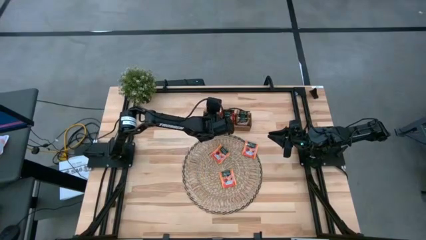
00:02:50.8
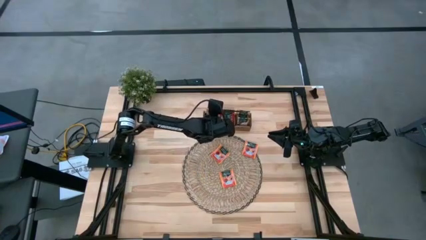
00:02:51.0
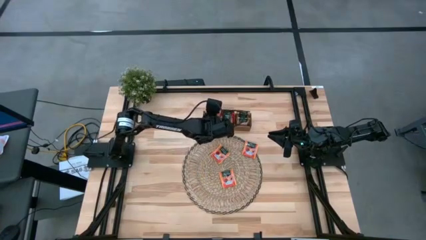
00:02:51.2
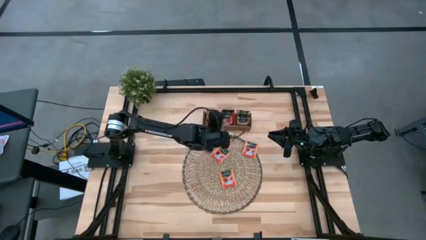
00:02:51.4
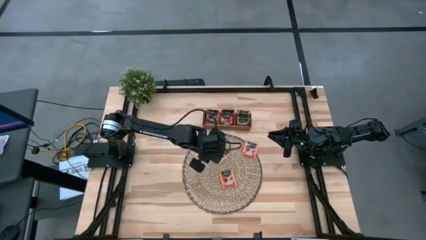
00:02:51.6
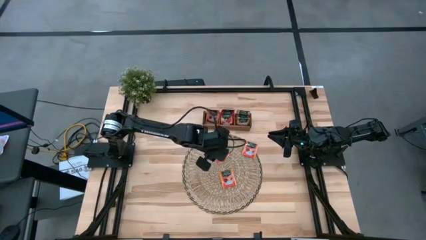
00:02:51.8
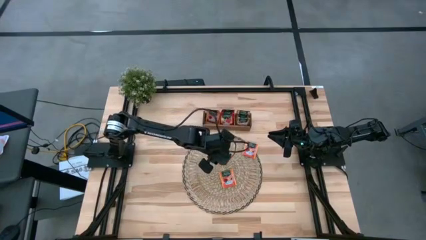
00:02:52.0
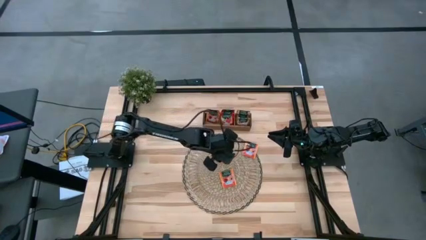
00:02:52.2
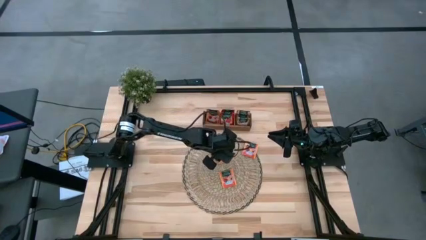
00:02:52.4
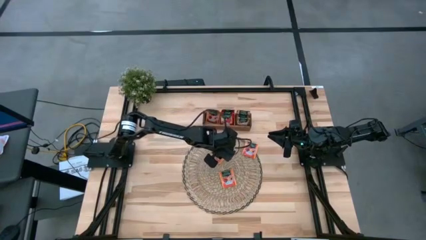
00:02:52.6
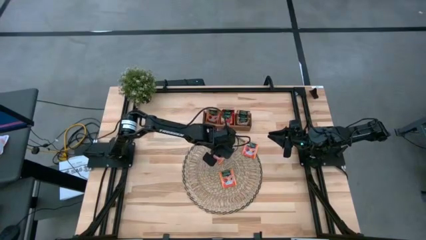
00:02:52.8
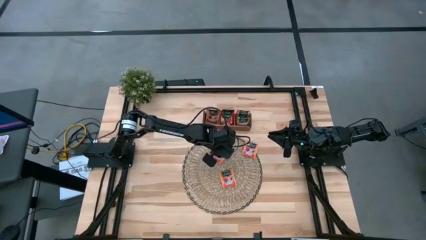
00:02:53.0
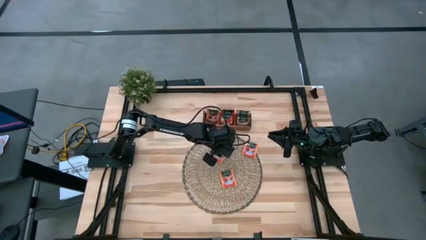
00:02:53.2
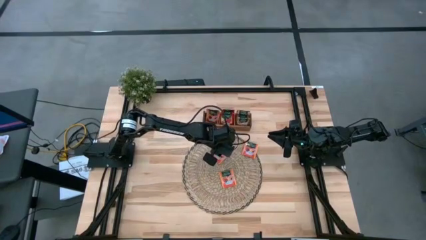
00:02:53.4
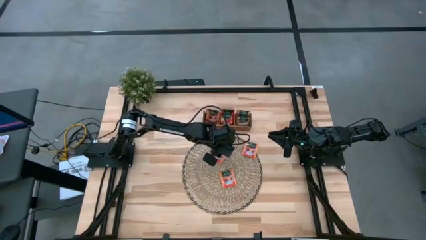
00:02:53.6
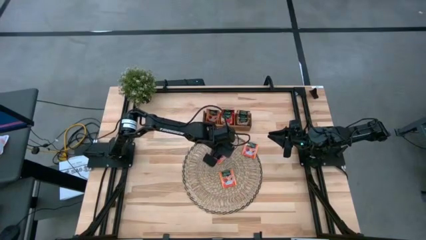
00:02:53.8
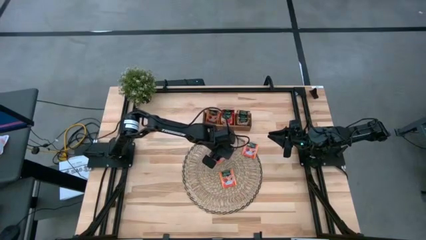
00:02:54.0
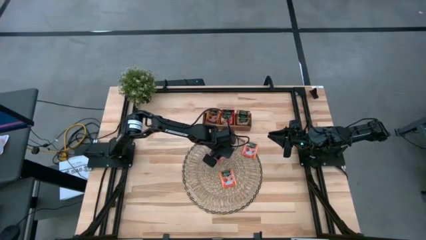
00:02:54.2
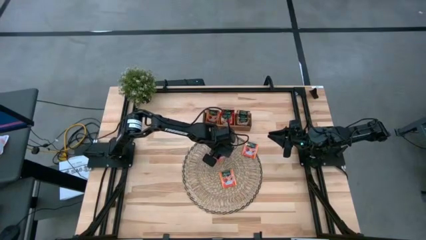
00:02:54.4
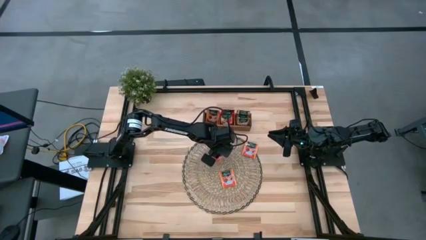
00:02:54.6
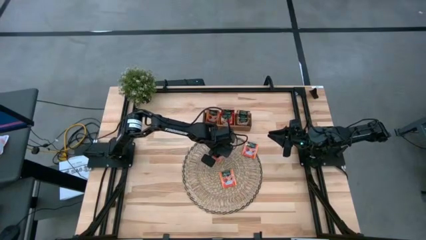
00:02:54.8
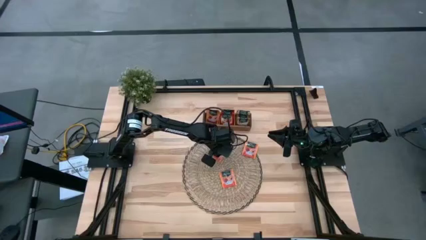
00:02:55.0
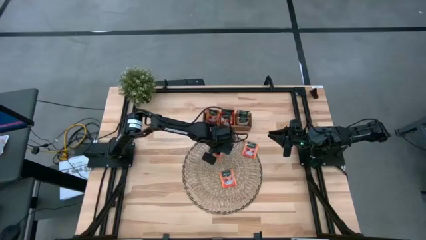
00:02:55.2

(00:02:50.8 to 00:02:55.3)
##########
**Task instructions:**
Give back the material above word for word; no picture belongs in it.

**Reply:**
00:02:50.8
00:02:51.0
00:02:51.2
00:02:51.4
00:02:51.6
00:02:51.8
00:02:52.0
00:02:52.2
00:02:52.4
00:02:52.6
00:02:52.8
00:02:53.0
00:02:53.2
00:02:53.4
00:02:53.6
00:02:53.8
00:02:54.0
00:02:54.2
00:02:54.4
00:02:54.6
00:02:54.8
00:02:55.0
00:02:55.2

(00:02:50.8 to 00:02:55.3)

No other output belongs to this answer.